Zinc Oxide Nanoparticles Functionalized on Hydrogel Grafted Silk Fibroin Fabrics as Efficient Composite Dressing.

Recent advances in woundcare is targeted towards developing active-dressings, where multiple components are combined to provide a suitable environment for rapid healing. The aim of the present research is to study the preparation of biomimic composite wound dressings by the grafting of hydrogel on silk fibroin fabric. The swelling ability of hydrogel grafted silk fibroin fabric was optimized by changing the initiator concentration.

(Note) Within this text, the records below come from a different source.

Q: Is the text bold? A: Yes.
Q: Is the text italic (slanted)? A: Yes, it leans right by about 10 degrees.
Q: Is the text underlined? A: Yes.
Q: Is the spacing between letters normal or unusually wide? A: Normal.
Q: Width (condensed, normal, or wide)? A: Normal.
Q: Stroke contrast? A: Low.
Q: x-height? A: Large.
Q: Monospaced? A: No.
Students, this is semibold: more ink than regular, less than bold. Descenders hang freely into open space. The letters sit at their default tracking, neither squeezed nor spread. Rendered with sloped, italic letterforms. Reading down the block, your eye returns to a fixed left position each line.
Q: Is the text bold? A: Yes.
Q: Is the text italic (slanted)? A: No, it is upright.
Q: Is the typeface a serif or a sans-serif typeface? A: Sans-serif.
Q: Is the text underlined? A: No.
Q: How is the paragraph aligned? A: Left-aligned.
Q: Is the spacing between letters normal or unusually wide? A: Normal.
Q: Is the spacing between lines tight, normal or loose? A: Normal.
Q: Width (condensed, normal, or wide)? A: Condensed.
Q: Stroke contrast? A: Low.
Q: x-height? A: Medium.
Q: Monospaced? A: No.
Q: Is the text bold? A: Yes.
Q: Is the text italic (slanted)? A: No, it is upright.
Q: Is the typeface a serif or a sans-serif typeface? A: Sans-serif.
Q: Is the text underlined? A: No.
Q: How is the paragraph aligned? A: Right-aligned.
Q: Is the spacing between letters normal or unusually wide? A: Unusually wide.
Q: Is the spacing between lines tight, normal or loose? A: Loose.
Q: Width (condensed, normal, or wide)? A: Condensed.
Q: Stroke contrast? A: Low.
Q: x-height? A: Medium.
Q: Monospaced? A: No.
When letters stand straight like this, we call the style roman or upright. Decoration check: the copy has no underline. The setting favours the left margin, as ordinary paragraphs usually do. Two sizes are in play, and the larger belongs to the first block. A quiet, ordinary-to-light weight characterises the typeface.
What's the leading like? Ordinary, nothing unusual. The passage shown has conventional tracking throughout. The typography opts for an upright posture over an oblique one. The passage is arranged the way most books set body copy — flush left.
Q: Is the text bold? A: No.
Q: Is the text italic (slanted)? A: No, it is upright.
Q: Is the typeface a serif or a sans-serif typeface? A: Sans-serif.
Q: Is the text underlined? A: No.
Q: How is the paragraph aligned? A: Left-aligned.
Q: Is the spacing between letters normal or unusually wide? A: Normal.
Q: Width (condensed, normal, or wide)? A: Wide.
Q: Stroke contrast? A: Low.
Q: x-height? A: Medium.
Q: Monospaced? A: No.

In order to impart antimicrobial properties, these dressing are further coated sono-chemically with zinc oxide nanoparticles. The water vapor transmission rate of the prepared samples was measured. The conformation of silk fibroin proteins after grafting with hydrogel was also confirmed using Fourier Transform Infrared Spectroscopy (FTIR). The morphology of the zinc oxide-coated silk fibroin fabric and hydrogel-coated silk fibroin was studied using Scanning Electron Microscope (SEM). The antimicrobial activity of the zinc oxide-coated samples was studied against E coli. The cytocompatibility of the prepared dressing materials were evaluated using L929 fibroblast cells. MTT assay and phase contrast microscopic studies showed that the adherence, growth, and proliferation of the L929 fibroblast cells that were seeded on zinc oxide nanoparticles on the functionalized hydrogel-coated silk fibroin dressing was significantly higher than that of pure silk fibroin due to the highly porous, bio-mimic structure that allowed ease of passage of nutrients, growth factors, metabolites, and the exchange of gases which is beneficial for successful regeneration of damaged tissues. The expression of TNF-alpha and IL-2 were not significantly higher than that of control. The proposed composite dressing would be a promising material for wound dressing and regenerative medicine but in order to prove the efficacy of these materials, more in vivo experiments and clinical tests are required to be conducted in future.